The objective of the TakeHome is to give you independent applied research experience using real data and statistical methods. You will use all (relevant) techniques learned in this class to analyze a dataset provided by me.

Further details on the TakeHome will be provided as due dates approach.

Note that you must score at least 30% of the points on the TakeHome Exam in order to pass this class.

Exams:

There will be one midterm and one final in this class. See course info for dates and times of the exams. You are allowed to use one sheet of notes (``cheat sheet”) on the midterm and two for the final. This sheet must be no larger than 8 ¹⁄₂ x 11, and must be prepared by you. You may use both sides of the sheet and can write as small as you wish.

Policies Regarding Homework:

No late Homework
The lowest HW score will be dropped automatically at the end of the semester
Late work policy for TakeHome Data Analysis: 10% off for each day late.
The final exam must be taken at the stated time. Please book flights accordingly!
There will be no Makeup exams; if you miss the midterm for any reason, your predicted grade given the other information from the class will be used to fill in the missing grade.
Regrade requests must be made within 3 days of when the assignment is returned, and must be submitted in writing. These will be honored if points were tallied incorrectly, or if you feel your answer is correct but it was marked wrong. No regrade will be made to alter the number of points deducted for a mistake. There will be no grade changes after the final exam.
Use of disallowed materials (textbook, class notes, web references, any form of communication with classmates or other persons, etc.) during inclass exams will not be tolerated. For the Take Home data analysis, students are limited to materials covered in class or course resources; no external queries or use of outside resources. This will result in a 0 on the exam for all students involved, possible failure of the course, and will be reported to the Office of Student Conduct. If you have any questions about whether something is or is not allowed, please ask me beforehand.

Email & Forum (Piazza):

I will regularly send announcements by email through Sakai; please make sure to check your email daily.

Any non-personal questions related to the material covered in class, problem sets, labs, projects, etc. should be posted on Piazza forum. Before posting a new question please make sure to check if your question has already been answered. The TAs and myself will be answering questions on the forum daily and all students are expected to answer questions as well. Please use informative titles for your posts.

Note that it is more efficient to answer most statistical questions ``in person” so make use of Office Hours.

Students with disabilities:

Students with disabilities who believe they may need accommodations in this class are encouraged to contact the Student Disability Access Office at (919) 668-1267 as soon as possible to better ensure that such accommodations can be made.

Academic integrity:

Duke University is a community dedicated to scholarship, leadership, and service and to the principles of honesty, fairness, respect, and accountability.

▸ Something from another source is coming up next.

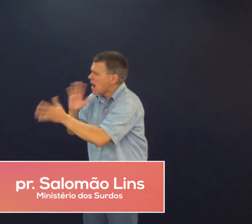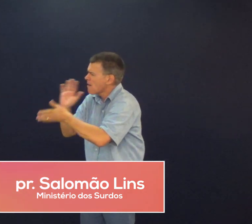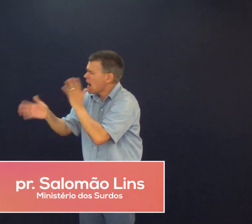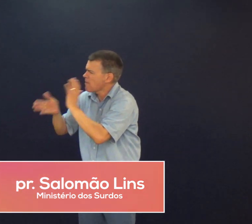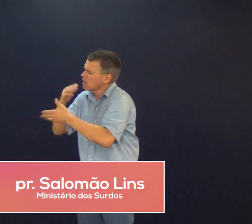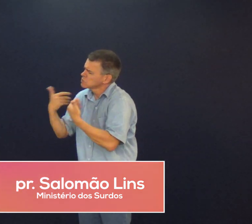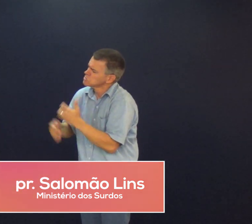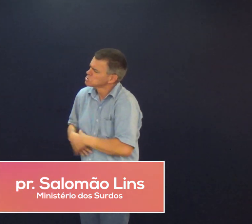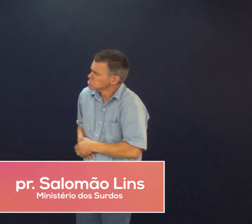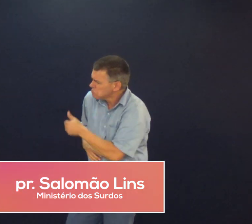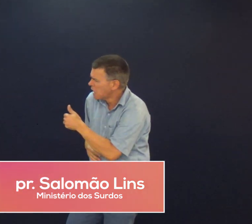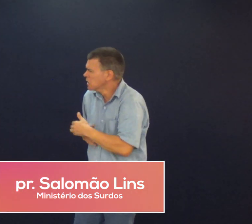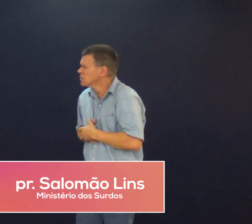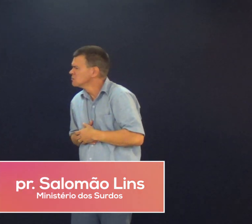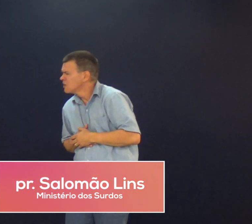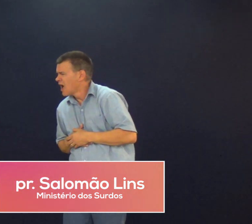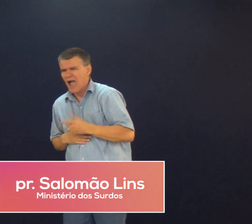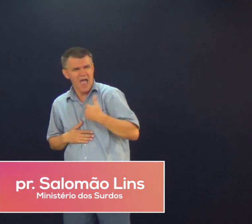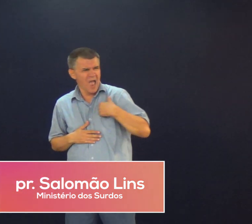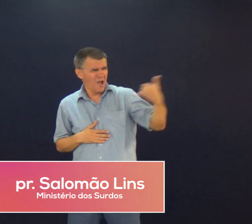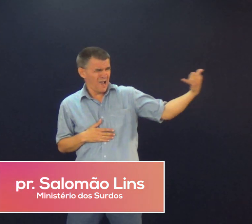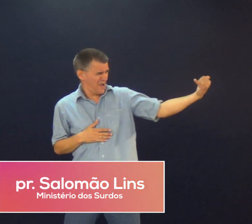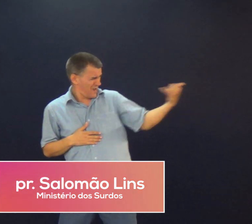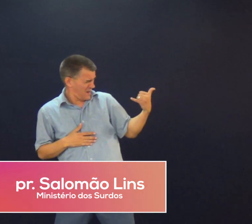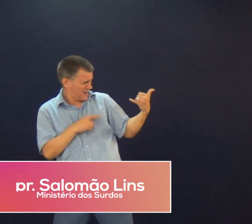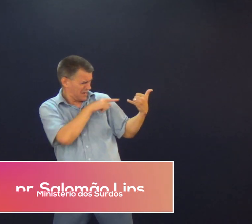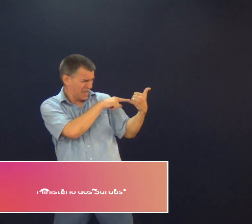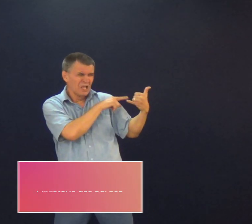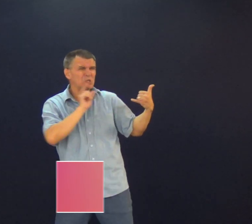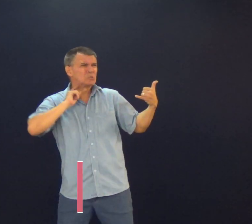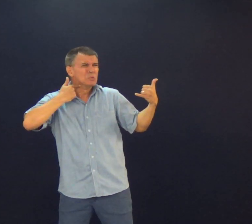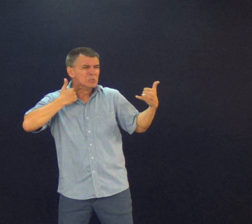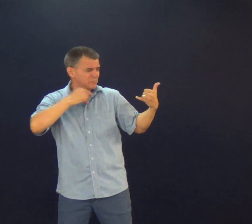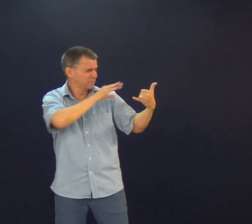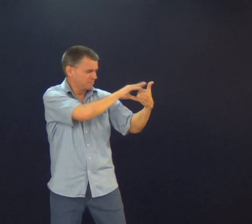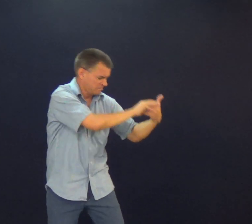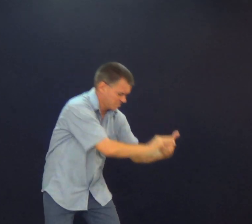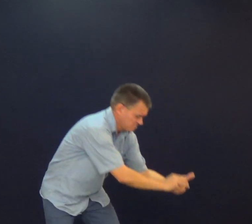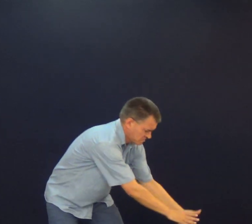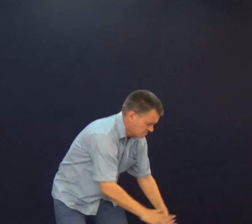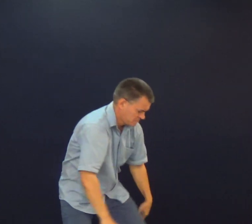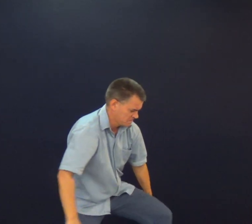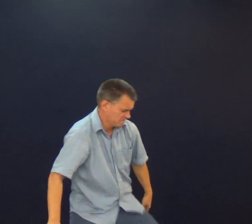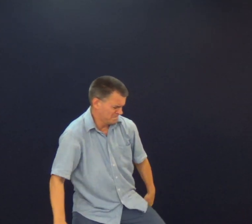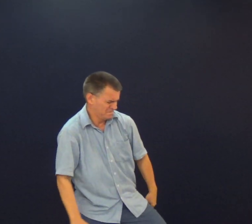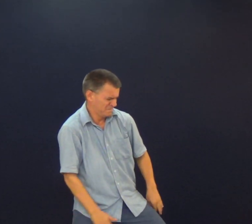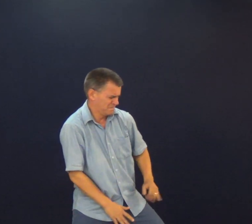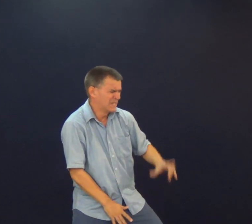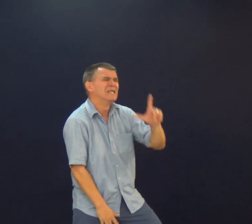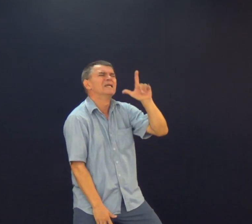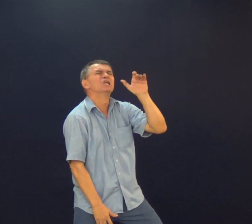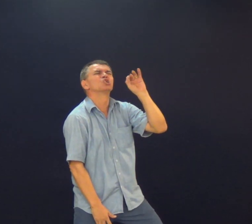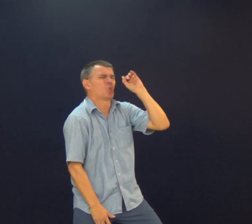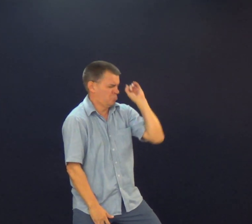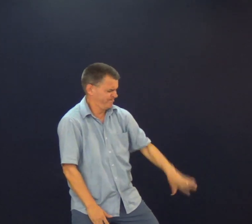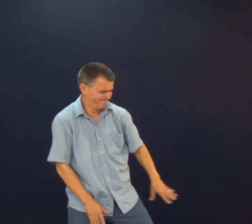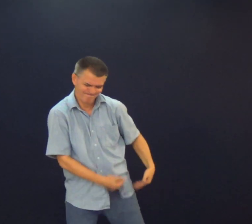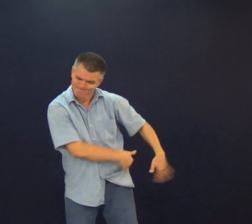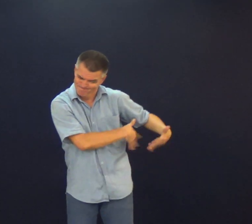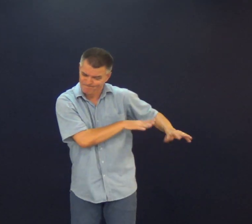Comprove Confirme É que essa pessoa Me disse isso São coisas sujas Ignorem Jogue no
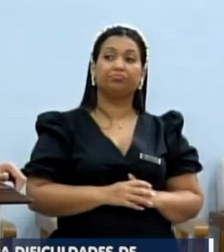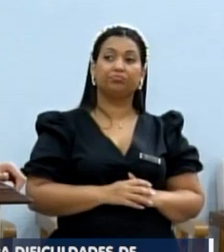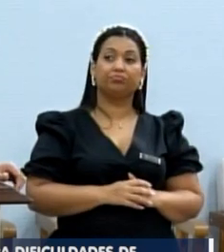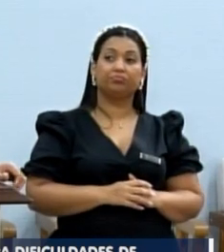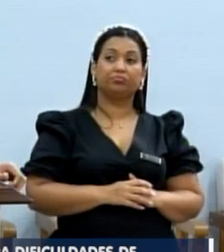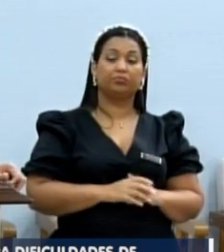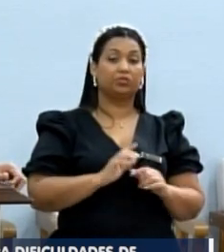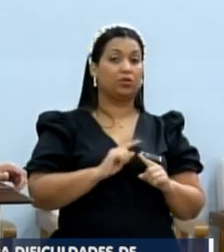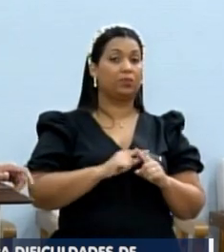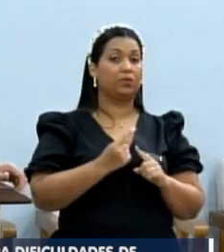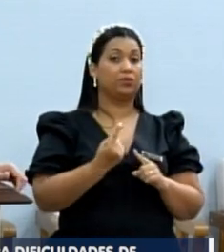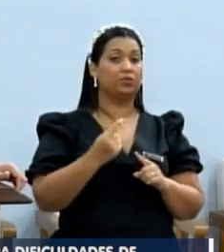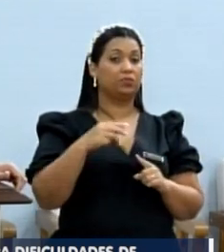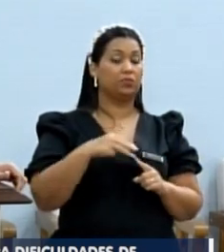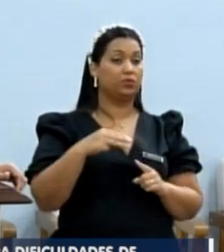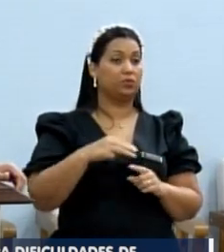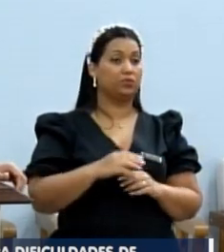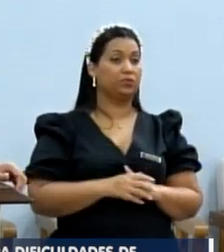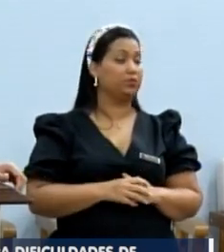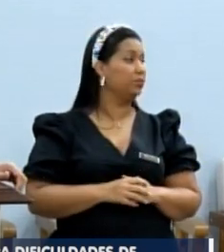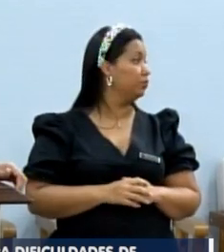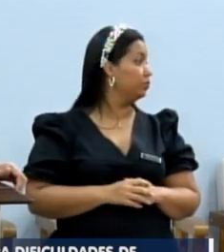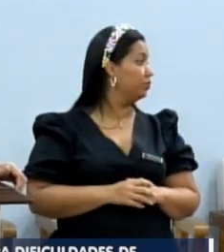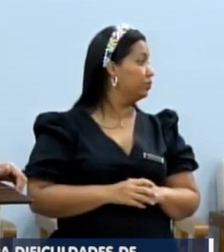só mais um minuto, presidente? Só mais um minuto.

Citizens of this community commit to reflect upon and uphold these principles in all academic and non-academic endeavors, and to protect and promote a culture of integrity. Cheating on exams and quizzes, plagiarism on homework assignments and projects, lying about an illness or absence and other forms of academic dishonesty are a breach of trust with classmates and faculty, violate the Duke Community Standard, and will not be tolerated. Such incidences will result in a 0 grade for all parties involved as well as being reported to the Office of Student Conduct. Additionally, there may be penalties to your final class grade. Please review the Duke’s Academic Dishonesty policies.